I looked into this issue, but I think implementing transparent keys will require refactoring the way layers are implemented to introduce the concept of whether a layer is active or not.

Imagine the following hypothetical keyboard:

#                          key1     key2     key3 
kbd.add_layer :default, %i(KC_A     KC_B     KC_C     SPC_NUM ENT_SYM ESC_NAV)
kbd.add_layer :numbers, %i(_______  KC_2     KC_3     SPC_NUM ENT_SYM ESC_NAV)
kbd.add_layer :symbols, %i(KC_DOT   _______  KC_COMMA SPC_NUM ENT_SYM ESC_NAV)
kbd.add_layer :nav,     %i(KC_UP    KC_DOWN  _______  SPC_NUM ENT_SYM ESC_NAV)

kbd.define_mode_key :SPC_NUM, [ :KC_SPACE, :numbers, 200, 200 ]
kbd.define_mode_key :ENT_SYM, [ :KC_ENTER, :symbols, 200, 200 ]
kbd.define_mode_key :ESC_NAV, [ :KC_ESC,   :nav,     200, 200 ]

Case 1 Hold down SPC_NUM and tap key1
Expected behavior: send "A" to host
Actual behavior if _______ was implemented with current layer model: ✅ "A" sent to host

Case 2 Hold down ENT_SYM and tap key2
Expected behavior: send "B" to host
Actual behavior if _______ was implemented with current layer model:

  • if we defer to the next layer in the stack, then ❌ "2" sent to host
  • if we defer always to the default layer, then ✅ "B" sent to host

Case 3 Hold down ESC_NAV and hold down SPC_NUM and tap key3
Expected behavior: send "3" to host
Actual behavior if _______ was implemented with current layer model:

  • if we defer to the next layer in the stack, then ❌ "," sent to host
  • if we defer always to the default layer, then ❌ "C" sent to host

The problem is that a transparent keycode needs to consider the layers that are currently active underneath it, not just whatever layer is underneath it, and there is no concept in PRK at the moment that multiple layers could be active.

Not sure if refactoring the layer model is something that should be undertaken right now, or if it should wait?

Edit: having thought about this some more, perhaps having _______ always defer to the default layer is good enough? At least for now?

@hasumikin
Copy link
Member Author

hasumikin commented Jul 3, 2022

@rschenk Good point, thanks!
We need to investigate the spec of QMK Firmware as it's the defacto standard, I guess

@rschenk
Copy link

rschenk commented Jul 4, 2022

It does look like QMK has the notion of multiple active layers:

you can change layer_state to overlay the base layer with other layers

-- Multiple active layers.

The firmware works its way down from the highest active layers to look up keycodes. Once the firmware locates a keycode other than KC_TRNS (transparent) on an active layer, it stops searching, and lower layers aren't referenced.

-- Layer precedence

So it seems like PRK needs to get the concept of active layers.
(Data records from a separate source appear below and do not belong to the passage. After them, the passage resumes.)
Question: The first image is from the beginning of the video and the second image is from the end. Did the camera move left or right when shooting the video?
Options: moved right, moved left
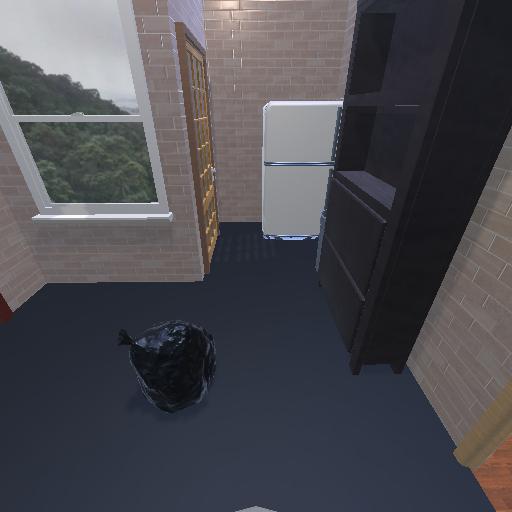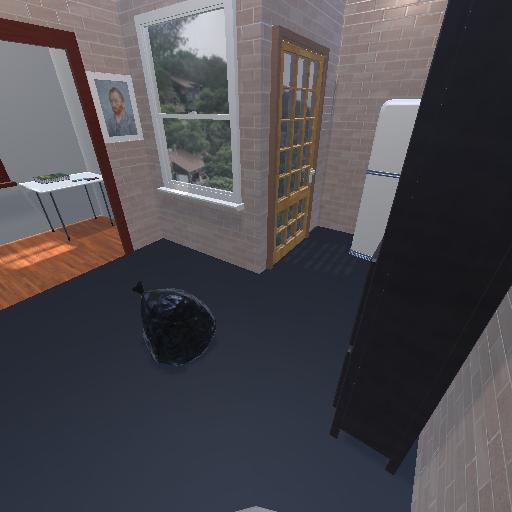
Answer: moved right
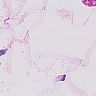
Metastatic tissue present: no
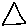
Label: triangle
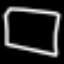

I guess the question then becomes, how "Ruby-like" should/can this be implemented? Right now the layers are modeled as a hash of arrays. Now it seems that we need to also store a active? boolean for each layer. The C-like procedural way would be to make another array of booleans to store the active states for each layer. I feel like the Ruby way would be to make a Layer class that would store both the keymap and the active state for each layer. Likewise it might also make sense to have a LayerStack class that would keep track of all the layers, the default layer, and would be responsible for handling KC_TRANS. That would be quite a refactoring.

@hasumikin
Copy link
Member Author

@rschenk Thanks again.

Now that I want the PRK's layer system to become similar to the QMK's one.
It means we have to introduce a thing like layer_state.

But I, for now, don't know whether the state should be an independent variable or a member of the existing keymap object.

At the same time, I'm reluctant to introduce a specified class such as LayerStack because I am a believer in PORO, Plain Old Ruby Objects, like Array and Hash.
PORO would have enough functionality to handle this issue, I guess.

So, two major improvements we will have:

  1. Fixing the behavior of changing the active layer in this somehow inelegant block:
    https://github.com/picoruby/prk_firmware/blob/master/src/ruby/app/models/keyboard.rb#L1040-L1097
    In order to do this, I'm OK that a new method is produced in the Keyboard class.
    We will also add the layer_state concept in some way.

  2. Adding a new logic to search the desired keycode by taking advantage of the layer_state and going back to retroactive layers in this somewhat better block:
    https://github.com/picoruby/prk_firmware/blob/master/src/ruby/app/models/keyboard.rb#L1106-L1120
    As in, a new method can be added to our big Keyboard class.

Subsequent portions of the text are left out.